- _TASK OBJECTIVE_
Every entry below must be retyped exactly, and the pictures must be left out.

Stored items from a collection
# # #
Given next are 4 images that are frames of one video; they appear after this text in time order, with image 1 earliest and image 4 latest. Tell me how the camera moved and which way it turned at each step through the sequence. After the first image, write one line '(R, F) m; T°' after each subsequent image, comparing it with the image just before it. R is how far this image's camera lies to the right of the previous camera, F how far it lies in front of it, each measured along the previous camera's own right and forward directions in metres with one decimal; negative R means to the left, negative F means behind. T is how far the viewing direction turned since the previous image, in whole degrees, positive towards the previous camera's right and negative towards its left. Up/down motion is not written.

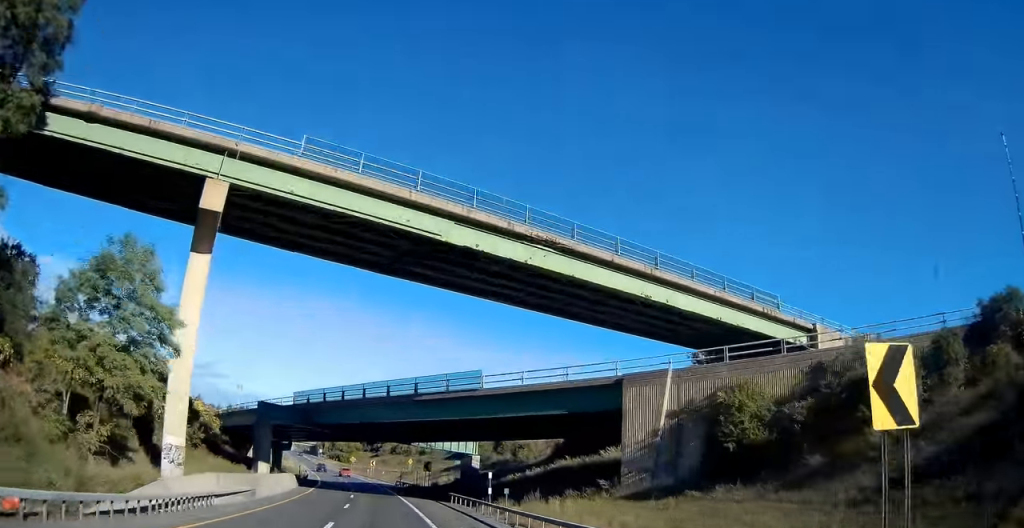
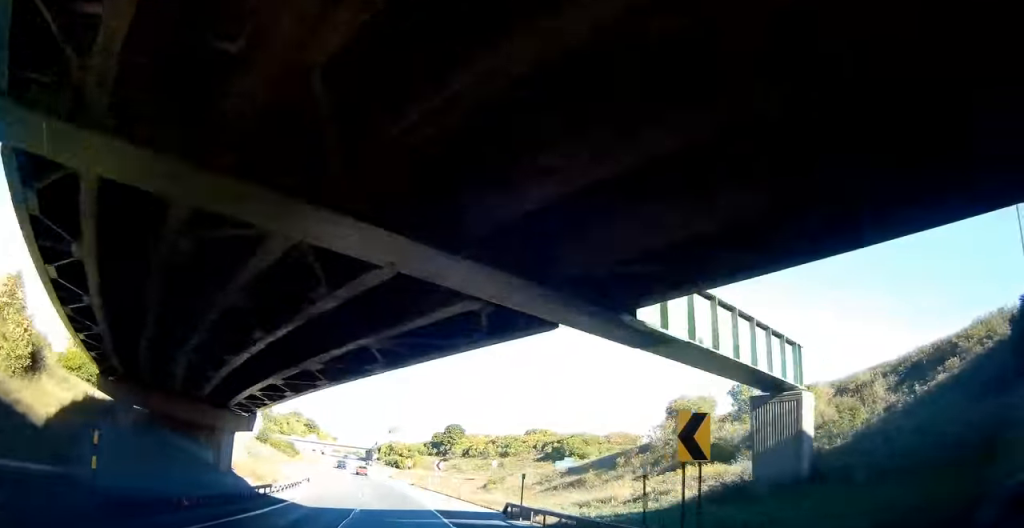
(-2.8, +52.0) m; -6°
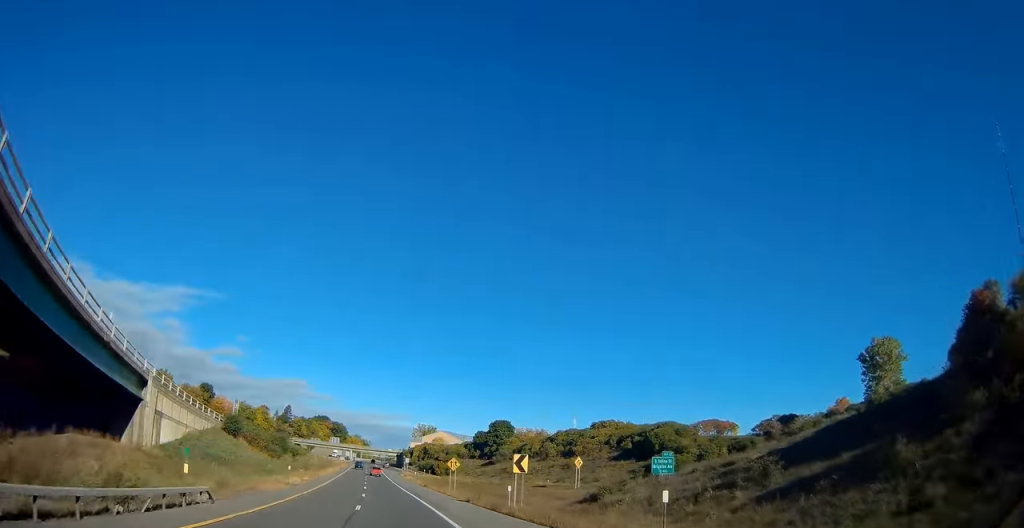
(-1.6, +36.2) m; -5°
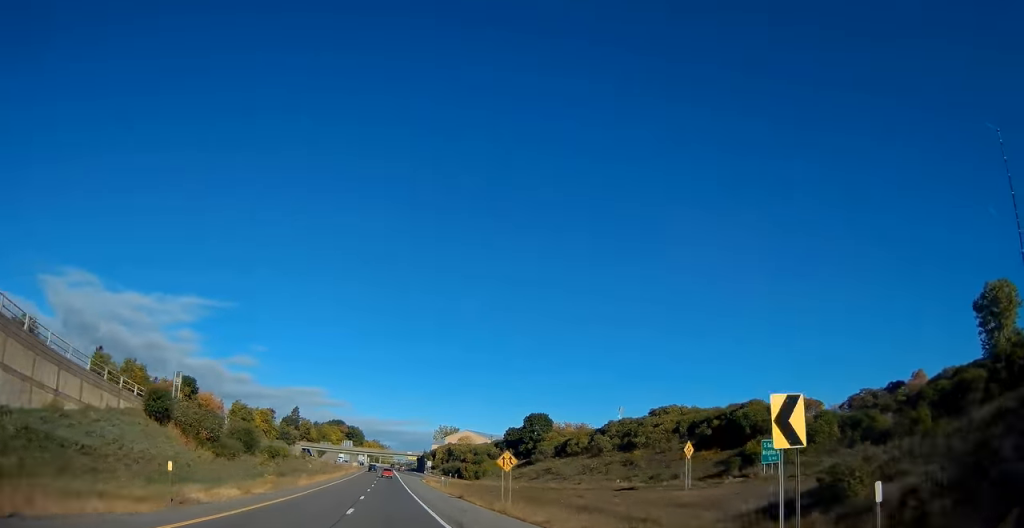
(-0.7, +26.0) m; -3°
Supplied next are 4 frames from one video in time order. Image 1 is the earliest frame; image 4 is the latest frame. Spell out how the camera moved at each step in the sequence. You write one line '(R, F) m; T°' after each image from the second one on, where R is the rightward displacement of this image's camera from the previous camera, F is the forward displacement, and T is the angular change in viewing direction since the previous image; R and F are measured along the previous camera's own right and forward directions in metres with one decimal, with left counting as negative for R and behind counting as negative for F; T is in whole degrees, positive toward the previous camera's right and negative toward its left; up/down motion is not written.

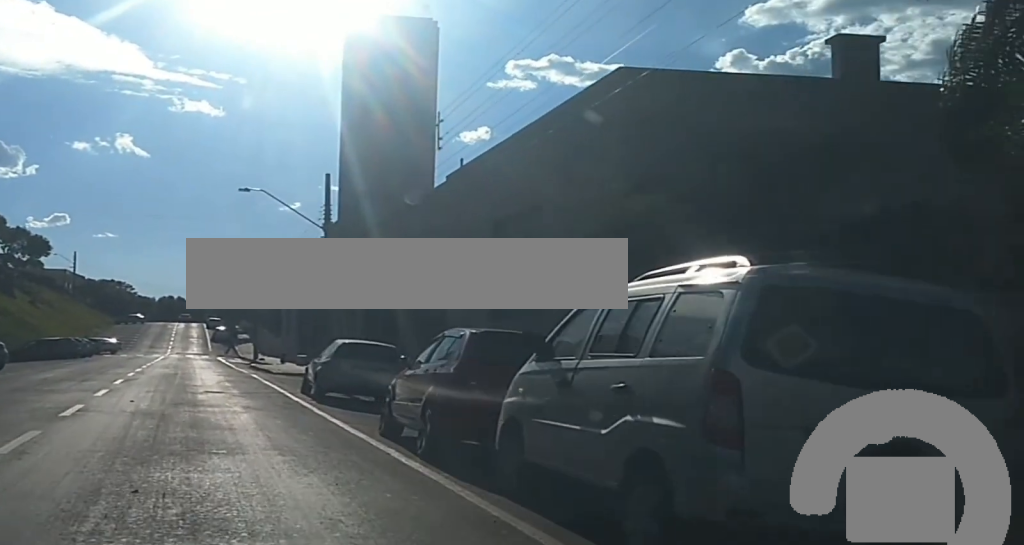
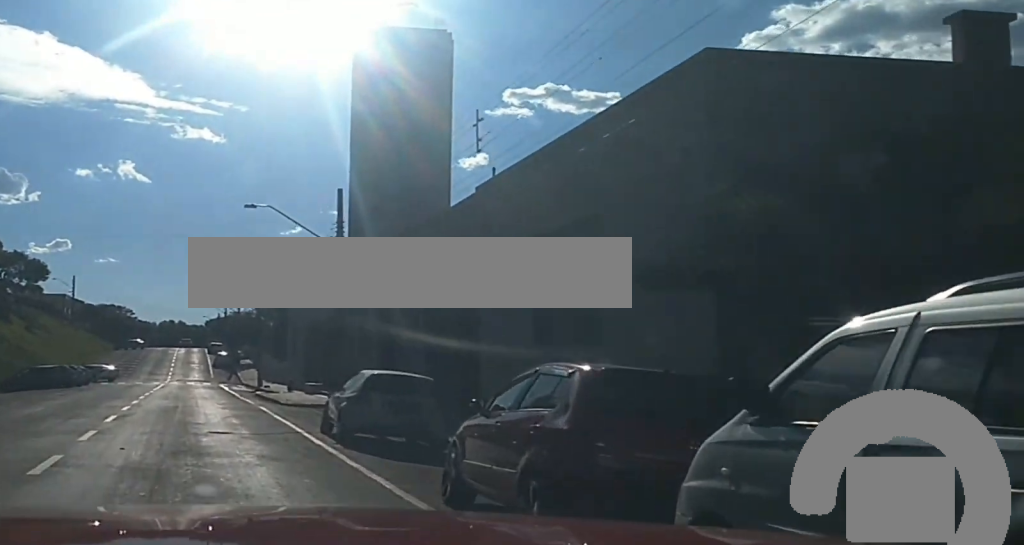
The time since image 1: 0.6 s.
# # #
- _COMPLETED TASK_
Given next are 4 images that are frames of one video; they appear after this text in time order, with image 1 earliest and image 4 latest. Tell me how the camera moved and which way it turned at each step through the sequence. After the first image, write one line '(R, F) m; T°' after each subsequent image, comparing it with the image just before it. R is how far this image's camera lies to the right of the previous camera, F how far it lies in front of it, each measured along the previous camera's own right and forward directions in metres with one decimal; negative R means to the left, negative F means behind. T is how far the viewing direction turned since the previous image, in whole degrees, positive towards the previous camera's right and negative towards its left. Up/down motion is not written.

(-2.8, +52.0) m; -6°
(-1.6, +36.2) m; -5°
(-0.7, +26.0) m; -3°
Supplied next are 4 frames from one video in time order. Image 1 is the earliest frame; image 4 is the latest frame. Spell out how the camera moved at each step in the sequence. You write one line '(R, F) m; T°' after each image from the second one on, where R is the rightward displacement of this image's camera from the previous camera, F is the forward displacement, and T is the angular change in viewing direction since the previous image; R and F are measured along the previous camera's own right and forward directions in metres with one decimal, with left counting as negative for R and behind counting as negative for F; T is in whole degrees, positive toward the previous camera's right and negative toward its left; up/down motion is not written.

The time since image 1: 0.6 s.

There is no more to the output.